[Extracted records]
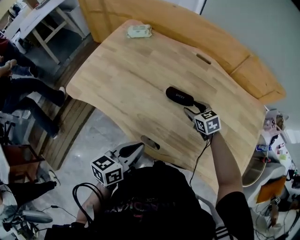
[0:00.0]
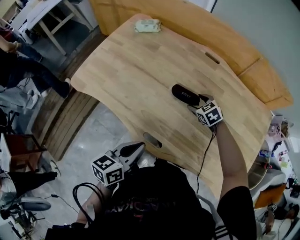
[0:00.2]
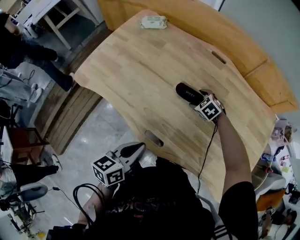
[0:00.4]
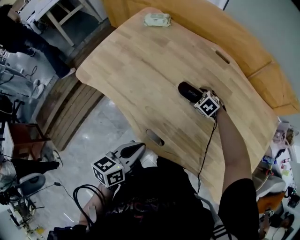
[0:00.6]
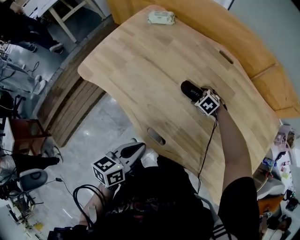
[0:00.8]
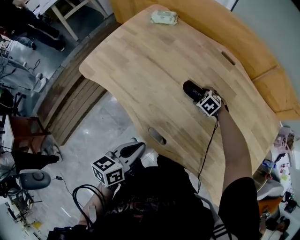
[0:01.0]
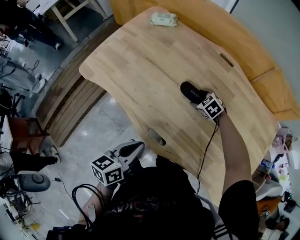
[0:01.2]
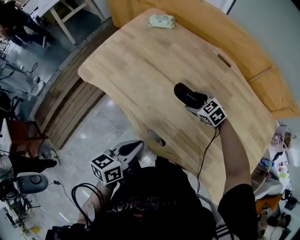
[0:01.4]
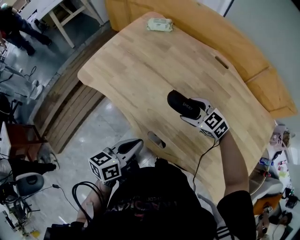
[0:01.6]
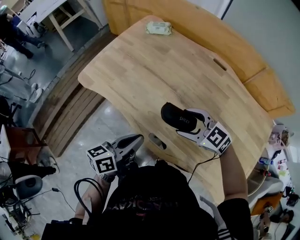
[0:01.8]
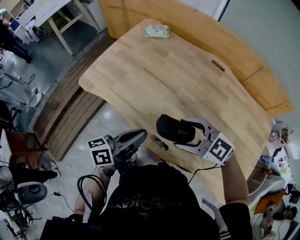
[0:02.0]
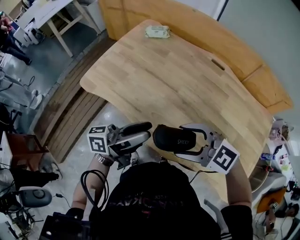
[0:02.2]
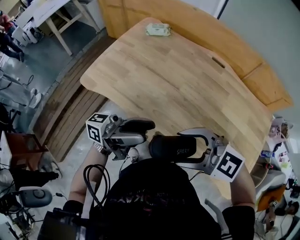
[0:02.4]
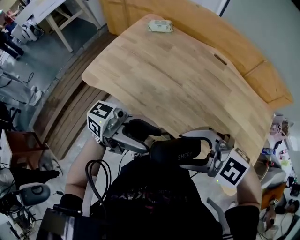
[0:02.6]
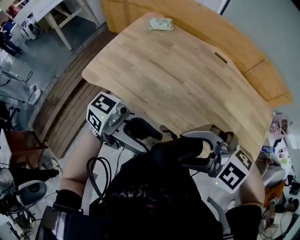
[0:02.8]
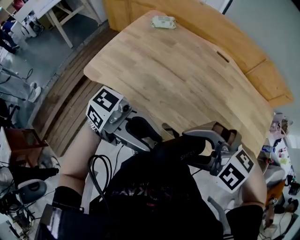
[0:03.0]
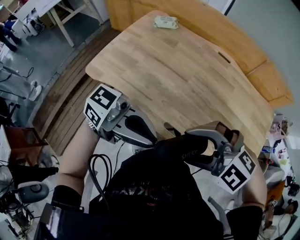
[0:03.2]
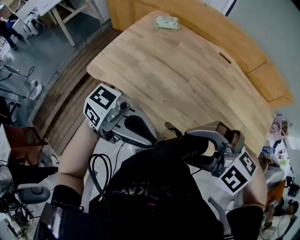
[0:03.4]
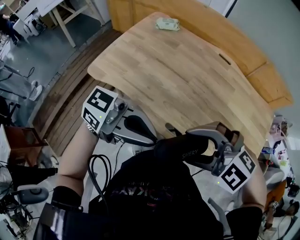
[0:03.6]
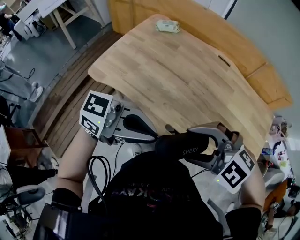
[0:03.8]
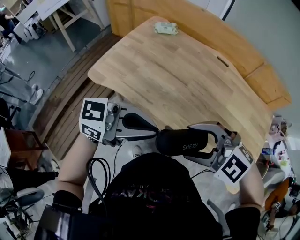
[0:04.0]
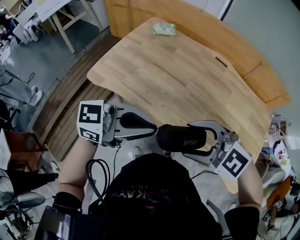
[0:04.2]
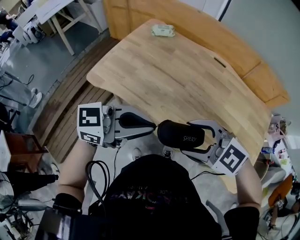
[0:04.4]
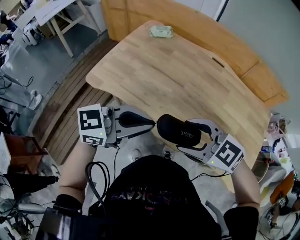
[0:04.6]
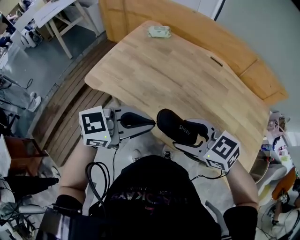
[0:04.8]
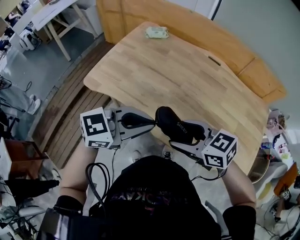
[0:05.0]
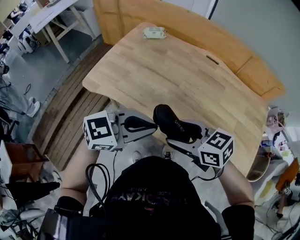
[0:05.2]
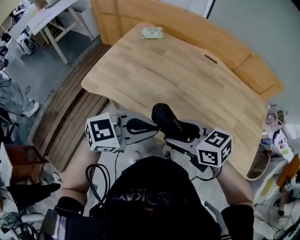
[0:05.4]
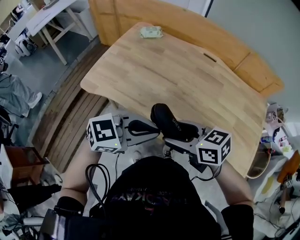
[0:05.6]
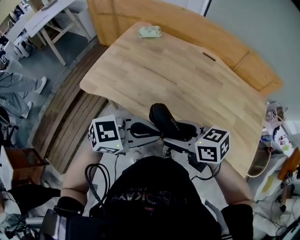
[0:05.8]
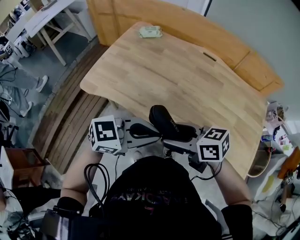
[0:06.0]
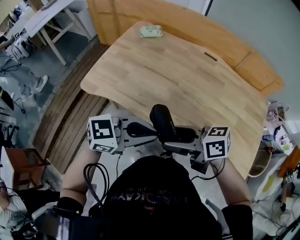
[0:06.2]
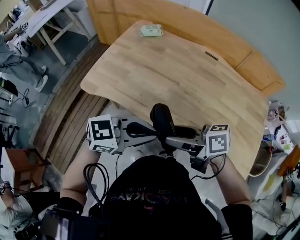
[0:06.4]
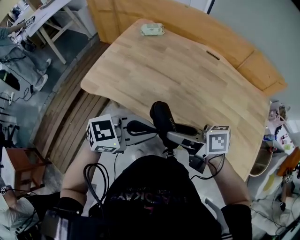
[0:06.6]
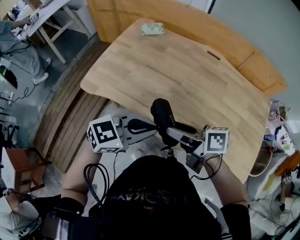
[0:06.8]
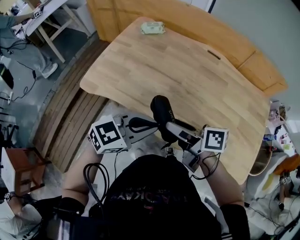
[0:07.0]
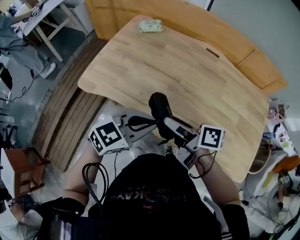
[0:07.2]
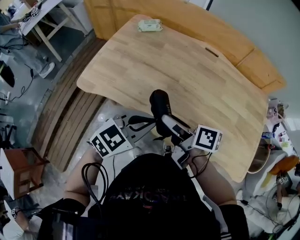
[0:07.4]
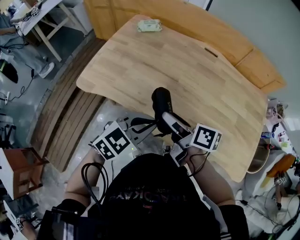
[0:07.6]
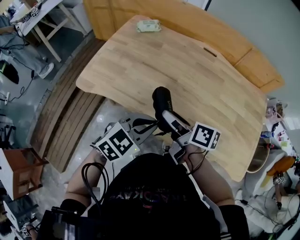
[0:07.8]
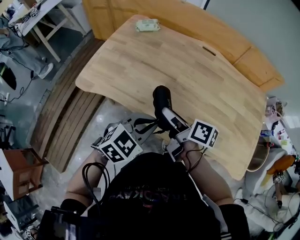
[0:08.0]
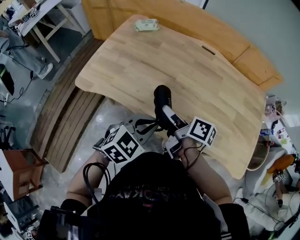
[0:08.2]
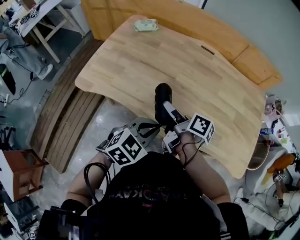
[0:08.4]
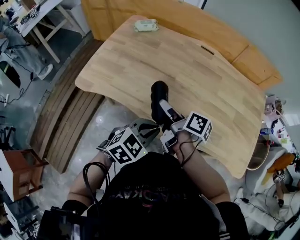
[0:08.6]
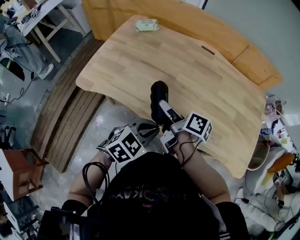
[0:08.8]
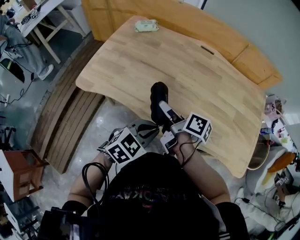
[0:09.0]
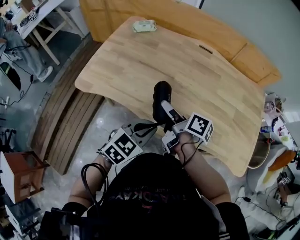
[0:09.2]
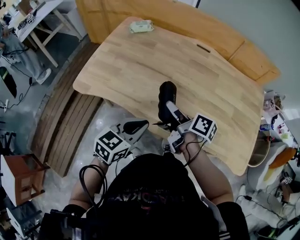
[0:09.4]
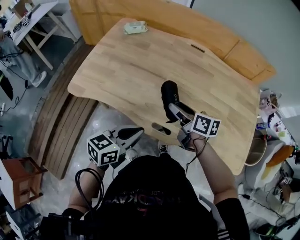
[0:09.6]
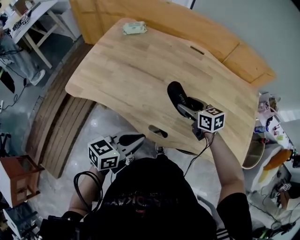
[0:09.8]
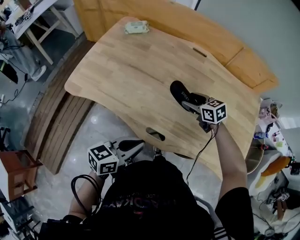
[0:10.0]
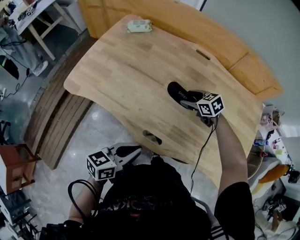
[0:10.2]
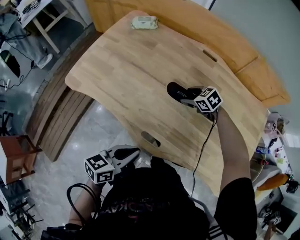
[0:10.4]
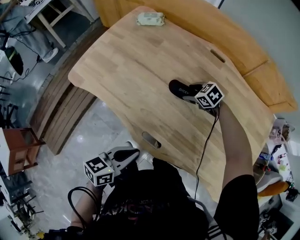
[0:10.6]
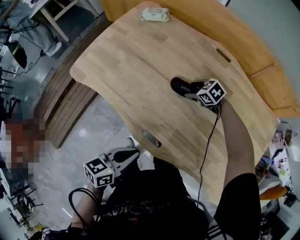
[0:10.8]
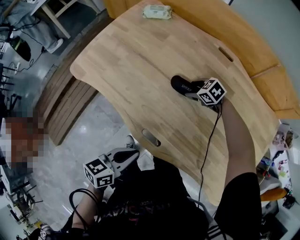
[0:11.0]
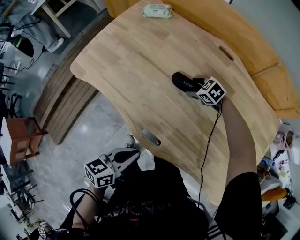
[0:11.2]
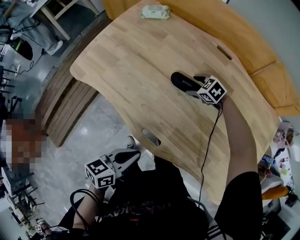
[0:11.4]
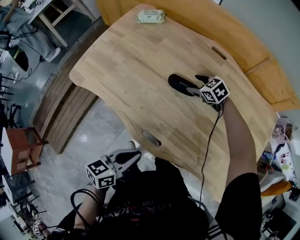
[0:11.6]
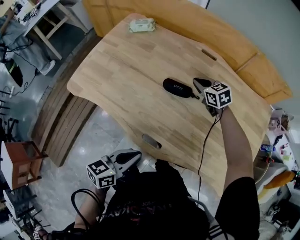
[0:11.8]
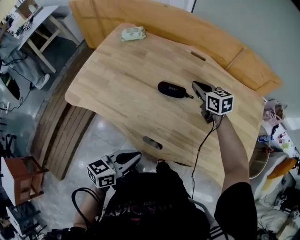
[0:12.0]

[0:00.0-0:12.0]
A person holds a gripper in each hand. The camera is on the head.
0.0 to 1.6 s: The right gripper shifts approximately 10 cm to the left, travels downward and back again, approximately 10 cm each way, and swivels some 40 degrees.
1.6 to 3.0 s: The right gripper moves some 30 cm, and rotates approximately 40 degrees, while the left gripper is displaced upward by approximately 15 cm, points its fingers about 30 degrees further upward, and opens its fingers.
3.0 to 4.4 s: The right gripper changes its angle by some 20 degrees. Meanwhile the left gripper turns by roughly 40 degrees, and closes its fingers.
4.4 to 6.0 s: The left gripper shifts roughly 5 cm downward; the right gripper ends up approximately 5 cm from where it was, and rolls clockwise, seen from behind, by approximately 50 degrees.
6.0 to 7.6 s: The right gripper shifts by about 10 cm, and turns by roughly 40 degrees. Meanwhile the left gripper ends up about 10 cm from where it was, and changes its angle by roughly 30 degrees.
7.6 to 9.0 s: The left gripper travels downward by some 5 cm.
9.0 to 10.4 s: The right gripper heads forward, downward and to the right, covering some 30 cm, and rotates around the line of its fingers by approximately 80 degrees, counterclockwise from behind. Meanwhile the left gripper twists some 40 degrees counterclockwise, seen from behind.
10.4 to 12.0 s: The right gripper travels upward by about 15 cm, swivels about 40 degrees, and closes its fingers.

Work task >> Could you please repeat the entries above exactly, with every picture left out?

Result of this task >>
[0:00.0]
[0:00.2]
[0:00.4]
[0:00.6]
[0:00.8]
[0:01.0]
[0:01.2]
[0:01.4]
[0:01.6]
[0:01.8]
[0:02.0]
[0:02.2]
[0:02.4]
[0:02.6]
[0:02.8]
[0:03.0]
[0:03.2]
[0:03.4]
[0:03.6]
[0:03.8]
[0:04.0]
[0:04.2]
[0:04.4]
[0:04.6]
[0:04.8]
[0:05.0]
[0:05.2]
[0:05.4]
[0:05.6]
[0:05.8]
[0:06.0]
[0:06.2]
[0:06.4]
[0:06.6]
[0:06.8]
[0:07.0]
[0:07.2]
[0:07.4]
[0:07.6]
[0:07.8]
[0:08.0]
[0:08.2]
[0:08.4]
[0:08.6]
[0:08.8]
[0:09.0]
[0:09.2]
[0:09.4]
[0:09.6]
[0:09.8]
[0:10.0]
[0:10.2]
[0:10.4]
[0:10.6]
[0:10.8]
[0:11.0]
[0:11.2]
[0:11.4]
[0:11.6]
[0:11.8]
[0:12.0]

[0:00.0-0:12.0]
A person holds a gripper in each hand. The camera is on the head.
0.0 to 1.6 s: The right gripper shifts approximately 10 cm to the left, travels downward and back again, approximately 10 cm each way, and swivels some 40 degrees.
1.6 to 3.0 s: The right gripper moves some 30 cm, and rotates approximately 40 degrees, while the left gripper is displaced upward by approximately 15 cm, points its fingers about 30 degrees further upward, and opens its fingers.
3.0 to 4.4 s: The right gripper changes its angle by some 20 degrees. Meanwhile the left gripper turns by roughly 40 degrees, and closes its fingers.
4.4 to 6.0 s: The left gripper shifts roughly 5 cm downward; the right gripper ends up approximately 5 cm from where it was, and rolls clockwise, seen from behind, by approximately 50 degrees.
6.0 to 7.6 s: The right gripper shifts by about 10 cm, and turns by roughly 40 degrees. Meanwhile the left gripper ends up about 10 cm from where it was, and changes its angle by roughly 30 degrees.
7.6 to 9.0 s: The left gripper travels downward by some 5 cm.
9.0 to 10.4 s: The right gripper heads forward, downward and to the right, covering some 30 cm, and rotates around the line of its fingers by approximately 80 degrees, counterclockwise from behind. Meanwhile the left gripper twists some 40 degrees counterclockwise, seen from behind.
10.4 to 12.0 s: The right gripper travels upward by about 15 cm, swivels about 40 degrees, and closes its fingers.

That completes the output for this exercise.